Recorded data:
● ● ● ●

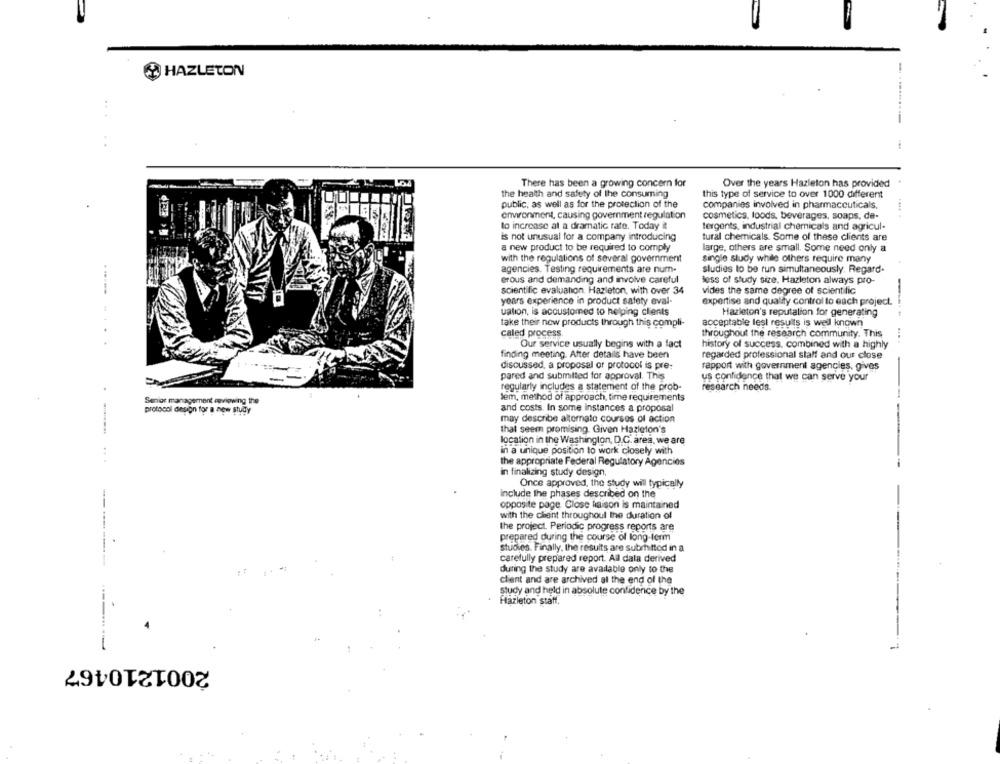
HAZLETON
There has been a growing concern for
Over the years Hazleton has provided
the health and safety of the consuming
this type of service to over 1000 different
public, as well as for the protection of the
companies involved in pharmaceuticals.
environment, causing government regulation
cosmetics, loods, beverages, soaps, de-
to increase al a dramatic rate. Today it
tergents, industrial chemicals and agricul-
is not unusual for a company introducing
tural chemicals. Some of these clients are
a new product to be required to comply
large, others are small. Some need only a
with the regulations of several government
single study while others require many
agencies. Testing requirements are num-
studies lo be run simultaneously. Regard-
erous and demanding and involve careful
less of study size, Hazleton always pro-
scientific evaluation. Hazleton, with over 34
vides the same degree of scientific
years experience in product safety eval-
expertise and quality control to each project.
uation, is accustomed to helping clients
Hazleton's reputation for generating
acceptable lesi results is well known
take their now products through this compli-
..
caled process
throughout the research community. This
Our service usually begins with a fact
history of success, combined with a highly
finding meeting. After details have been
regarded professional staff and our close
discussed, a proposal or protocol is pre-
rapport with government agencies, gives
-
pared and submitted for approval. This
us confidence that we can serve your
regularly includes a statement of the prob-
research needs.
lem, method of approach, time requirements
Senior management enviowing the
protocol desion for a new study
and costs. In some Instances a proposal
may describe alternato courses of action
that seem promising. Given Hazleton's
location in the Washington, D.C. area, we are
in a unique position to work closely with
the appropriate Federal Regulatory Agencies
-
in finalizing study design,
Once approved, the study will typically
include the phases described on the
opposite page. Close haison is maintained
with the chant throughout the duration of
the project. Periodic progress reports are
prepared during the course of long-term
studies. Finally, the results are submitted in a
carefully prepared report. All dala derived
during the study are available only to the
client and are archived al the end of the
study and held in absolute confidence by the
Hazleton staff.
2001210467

● ● ● ●

Treating the line with "Once approved, the study will typically" as the last line to include, retype the records exactly from their first line, excluding pictures.

Response below
HAZLETON
There has been a growing concern for
Over the years Hazleton has provided
the health and safety of the consuming
this type of service to over 1000 different
public, as well as for the protection of the
companies involved in pharmaceuticals.
environment, causing government regulation
cosmetics, loods, beverages, soaps, de-
to increase al a dramatic rate. Today it
tergents, industrial chemicals and agricul-
is not unusual for a company introducing
tural chemicals. Some of these clients are
a new product to be required to comply
large, others are small. Some need only a
with the regulations of several government
single study while others require many
agencies. Testing requirements are num-
studies lo be run simultaneously. Regard-
erous and demanding and involve careful
less of study size, Hazleton always pro-
scientific evaluation. Hazleton, with over 34
vides the same degree of scientific
years experience in product safety eval-
expertise and quality control to each project.
uation, is accustomed to helping clients
Hazleton's reputation for generating
acceptable lesi results is well known
take their now products through this compli-
..
caled process
throughout the research community. This
Our service usually begins with a fact
history of success, combined with a highly
finding meeting. After details have been
regarded professional staff and our close
discussed, a proposal or protocol is pre-
rapport with government agencies, gives
-
pared and submitted for approval. This
us confidence that we can serve your
regularly includes a statement of the prob-
research needs.
lem, method of approach, time requirements
Senior management enviowing the
protocol desion for a new study
and costs. In some Instances a proposal
may describe alternato courses of action
that seem promising. Given Hazleton's
location in the Washington, D.C. area, we are
in a unique position to work closely with
the appropriate Federal Regulatory Agencies
-
in finalizing study design,
Once approved, the study will typically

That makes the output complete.